■ Problem: Look through the data below. Show each line where the string "clipPath" occurs.

■ Given records:
*****

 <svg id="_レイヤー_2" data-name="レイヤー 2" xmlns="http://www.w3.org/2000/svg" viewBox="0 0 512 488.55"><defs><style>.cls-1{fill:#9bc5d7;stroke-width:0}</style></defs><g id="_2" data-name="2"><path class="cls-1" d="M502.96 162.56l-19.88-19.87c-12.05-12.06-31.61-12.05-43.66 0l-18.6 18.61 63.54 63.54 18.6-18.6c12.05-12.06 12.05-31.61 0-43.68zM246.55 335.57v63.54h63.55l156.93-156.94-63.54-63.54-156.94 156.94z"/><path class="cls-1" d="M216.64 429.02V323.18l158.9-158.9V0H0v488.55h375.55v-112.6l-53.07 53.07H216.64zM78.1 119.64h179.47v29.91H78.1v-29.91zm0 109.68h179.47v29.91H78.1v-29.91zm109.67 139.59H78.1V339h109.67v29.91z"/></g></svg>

*****

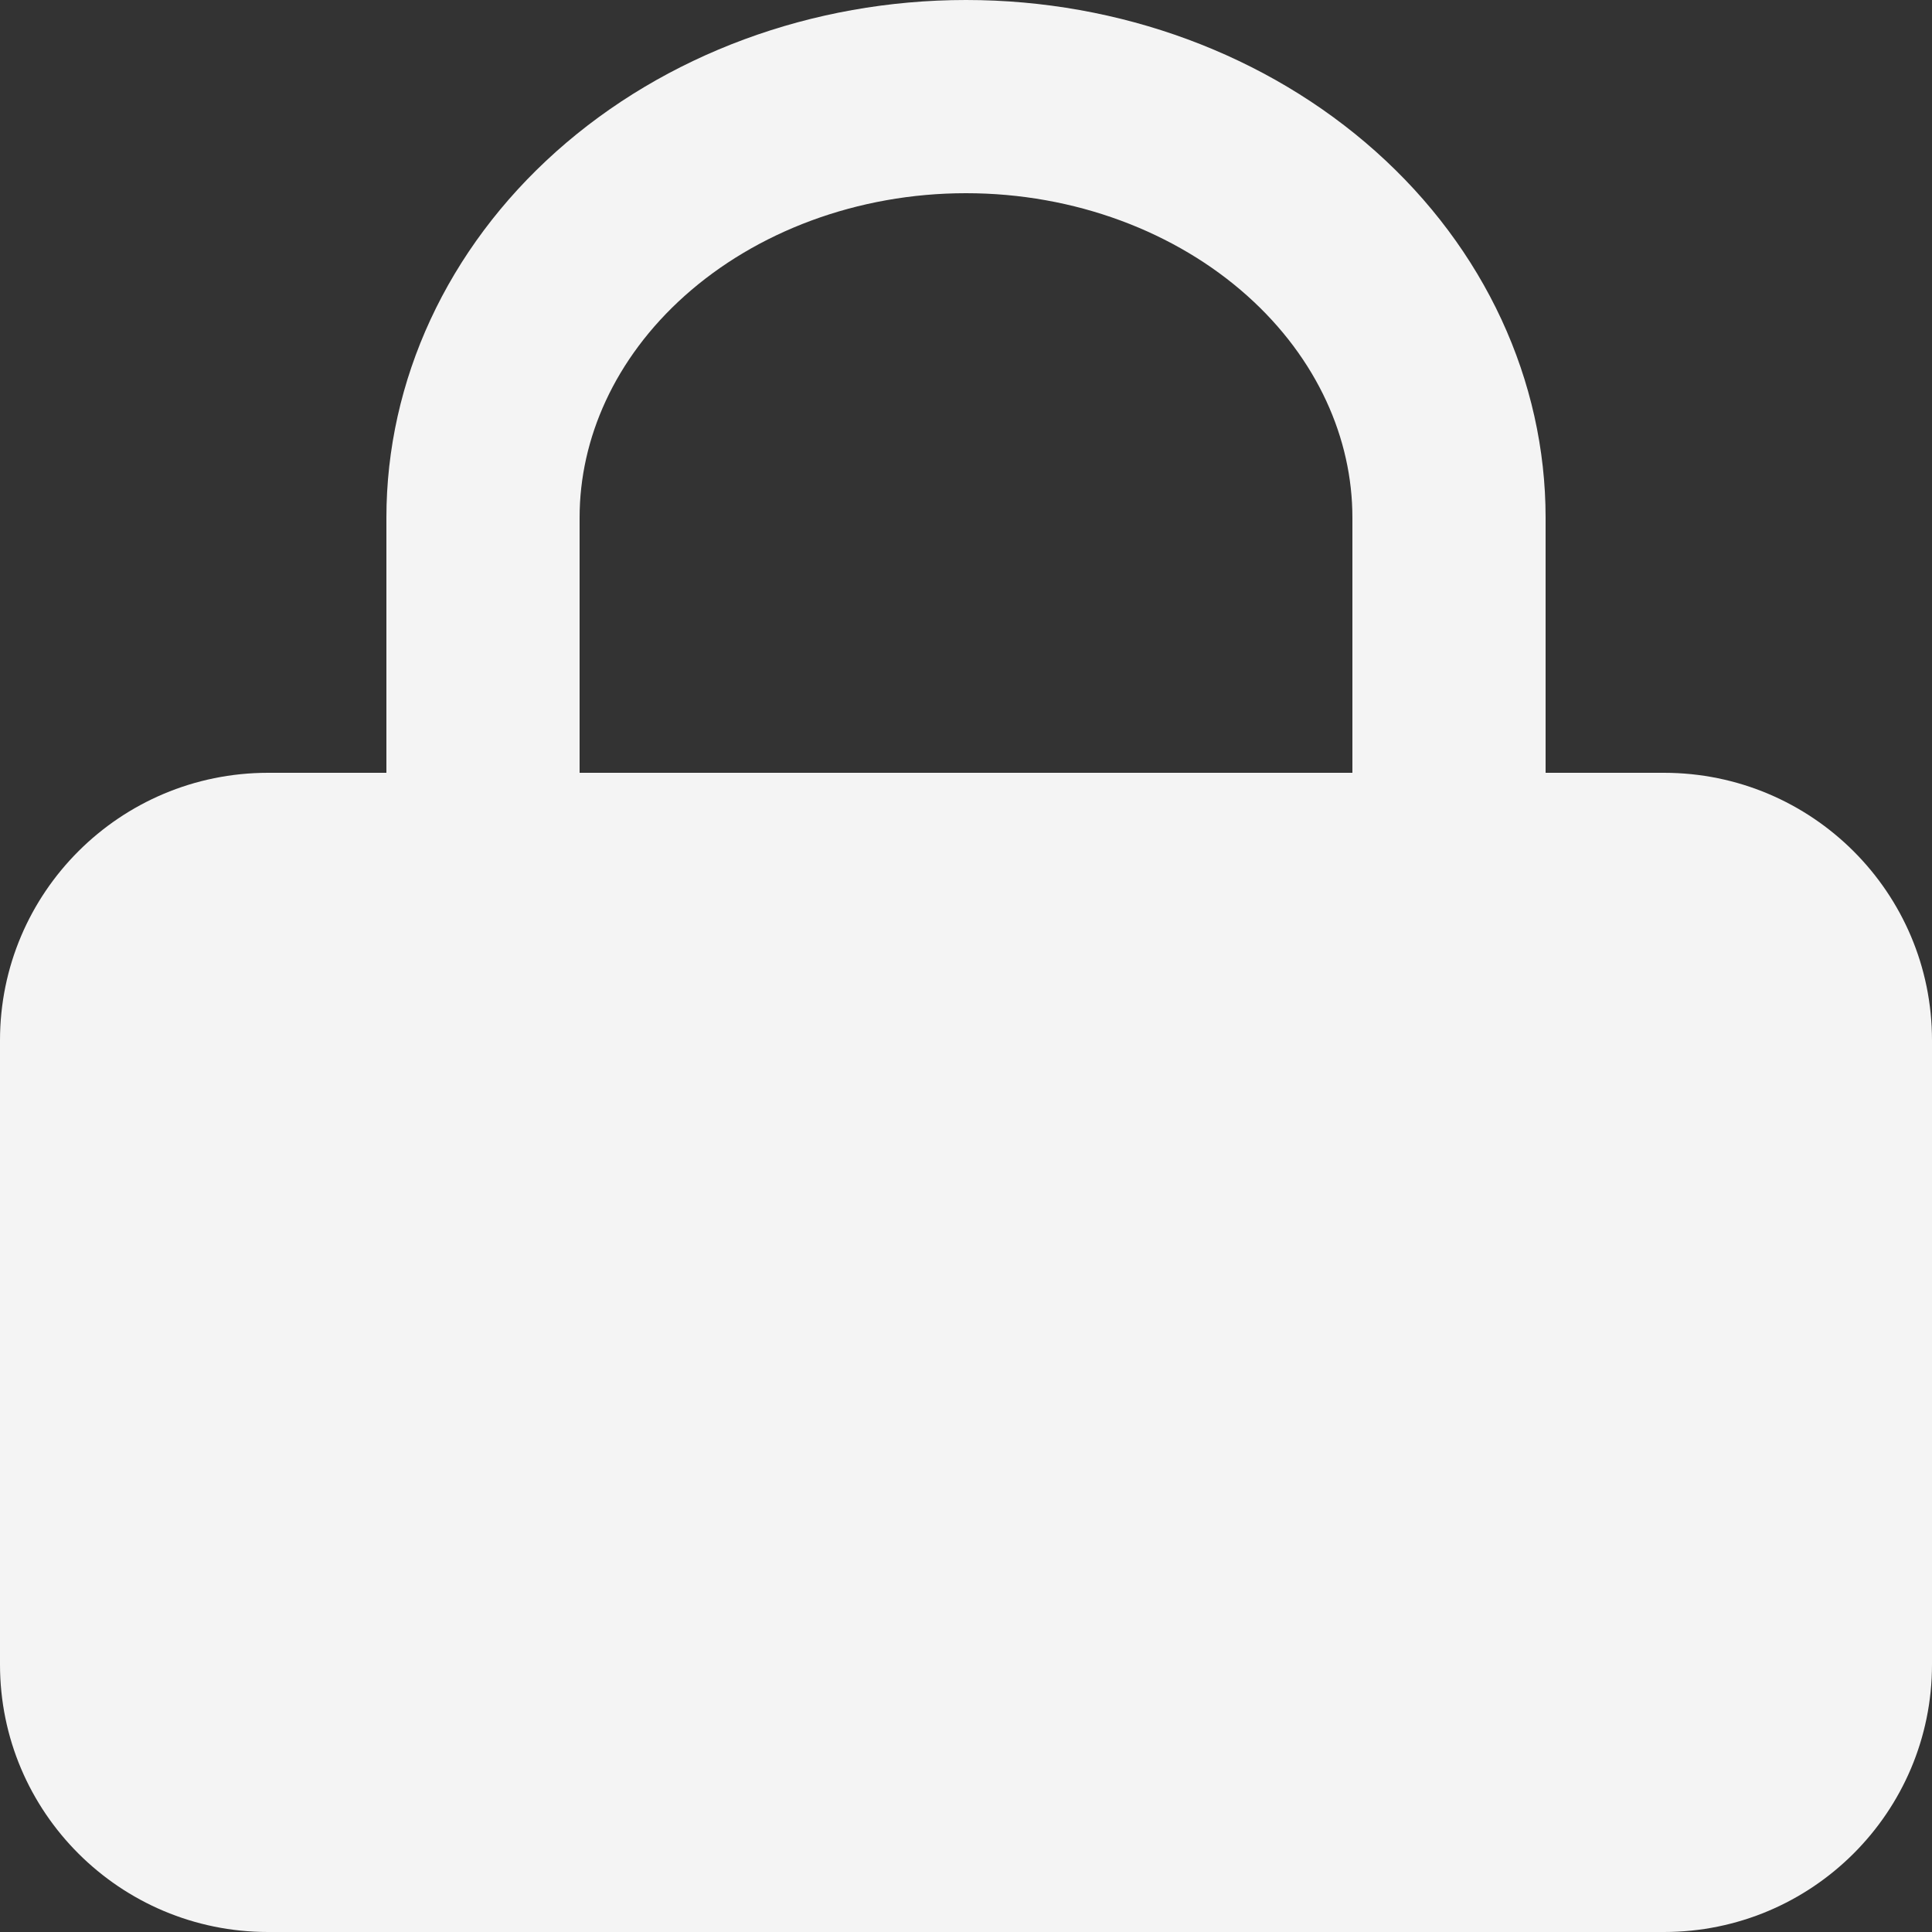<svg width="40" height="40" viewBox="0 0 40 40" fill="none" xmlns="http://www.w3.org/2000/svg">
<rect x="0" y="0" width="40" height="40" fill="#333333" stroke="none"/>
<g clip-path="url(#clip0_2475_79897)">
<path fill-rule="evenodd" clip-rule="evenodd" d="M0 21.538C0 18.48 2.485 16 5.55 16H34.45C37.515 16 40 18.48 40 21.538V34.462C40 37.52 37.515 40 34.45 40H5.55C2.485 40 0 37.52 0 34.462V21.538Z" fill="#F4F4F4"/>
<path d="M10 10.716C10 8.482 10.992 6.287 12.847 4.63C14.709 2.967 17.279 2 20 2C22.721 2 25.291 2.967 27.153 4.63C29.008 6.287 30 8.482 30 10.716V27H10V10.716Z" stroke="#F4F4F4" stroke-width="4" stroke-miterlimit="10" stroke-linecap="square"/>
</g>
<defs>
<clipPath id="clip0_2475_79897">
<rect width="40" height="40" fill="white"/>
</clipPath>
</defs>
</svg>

*****

■ Task solution:
<clipPath id="clip0_2475_79897">
</clipPath>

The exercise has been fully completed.